Activity: Organize a Mini Utility Library

Goal: Practice named exports, default exports, and barrel files by splitting a collection of helper functions across multiple files.

The scenario: You have been given this pile of functions all in one file. Your task is to reorganize them into a proper module structure.

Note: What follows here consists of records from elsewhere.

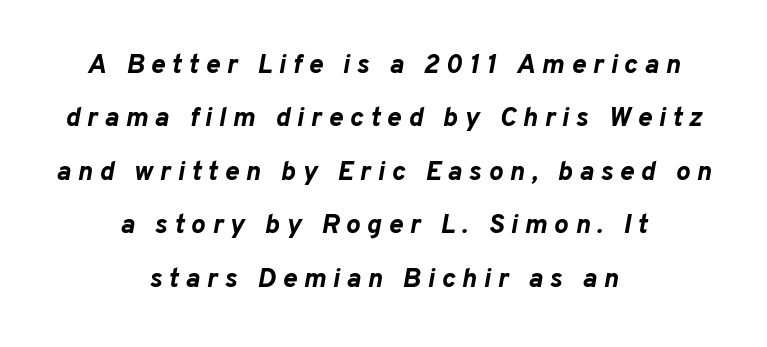
Q: Is the text bold? A: Yes.
Q: Is the text italic (slanted)? A: Yes, it leans right by about 10 degrees.
Q: Is the text underlined? A: No.
Q: How is the paragraph aligned? A: Centered.
Q: Is the spacing between letters normal or unusually wide? A: Unusually wide.
Q: Is the spacing between lines tight, normal or loose? A: Loose.
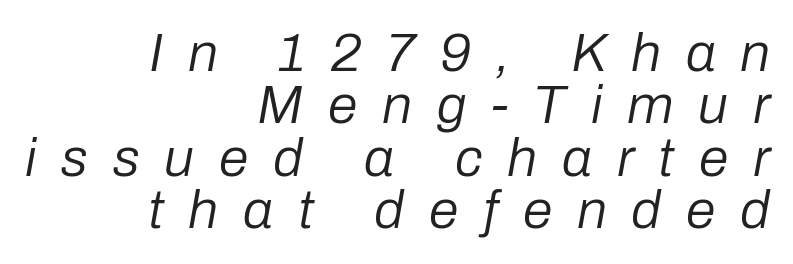
Q: Is the text bold? A: No.
Q: Is the text italic (slanted)? A: Yes, it leans right by about 10 degrees.
Q: Is the text underlined? A: No.
Q: How is the paragraph aligned? A: Right-aligned.
Q: Is the spacing between letters normal or unusually wide? A: Unusually wide.
Q: Is the spacing between lines tight, normal or loose? A: Tight.
Q: Width (condensed, normal, or wide)? A: Normal.
Q: Stroke contrast? A: Low.
Q: x-height? A: Medium.
Q: Monospaced? A: No.

// everything.js — all mixed together, no exports
function formatDate(date) {
return new Intl.DateTimeFormat('en-US').format(date);
}

function formatPrice(amount, currency = 'USD') {
return new Intl.NumberFormat('en-US', {
style: 'currency', currency
}).format(amount);
}

function slugify(text) {
return text.toLowerCase().replace(/\s+/g, '-').replace(/[^\w-]/g, '');
}

function truncate(text, maxLength = 100) {
return text.length > maxLength ? text.slice(0, maxLength) + '...' : text;
}

function isEmail(value) {
return /^[^\s@]+@[^\s@]+\.[^\s@]+$/.test(value);
}

class Logger {
constructor(prefix) {
this.prefix = prefix;
}
log(message) {
console.log(`[${this.prefix}] ${message}`);
}
}

Your task — step by step:

src/
├── utils/
│ ├── date.js ← formatDate
│ ├── currency.js ← formatPrice
│ ├── string.js ← slugify, truncate
│ ├── validation.js ← isEmail
│ └── index.js ← barrel file re-exporting all of the above
├── Logger.js ← Logger class as a default export
└── main.js ← imports from './utils' and './Logger'
  1. Create each utility file with the appropriate named exports
  2. Create Logger.js with Logger as a default export
  3. Create utils/index.js that re-exports everything from the four utility files
  4. In main.js, import only from './utils' (the barrel) and './Logger' — no direct imports from individual utility files

In main.js, verify your imports work:

import Logger from './Logger.js';
import { formatDate, formatPrice, slugify, truncate, isEmail } from './utils/index.js';

const log = new Logger('App');

log.log(formatDate(new Date())); // [App] 3/16/2026
log.log(formatPrice(49.99)); // [App] $49.99
log.log(slugify('Hello World! This is Cool')); // [App] hello-world-this-is-cool
log.log(isEmail('test@example.com').toString()); // [App] true

Success check: All five functions and the Logger class work correctly when imported through the barrel file. You should be able to delete everything.js and have main.js continue to work without any changes.

Stretch goal: Add a formatRelativeTime function to date.js that returns strings like "2 hours ago" or "just now" for a given Date. Make sure it is exported from date.js and re-exported from the barrel file without changing main.js imports.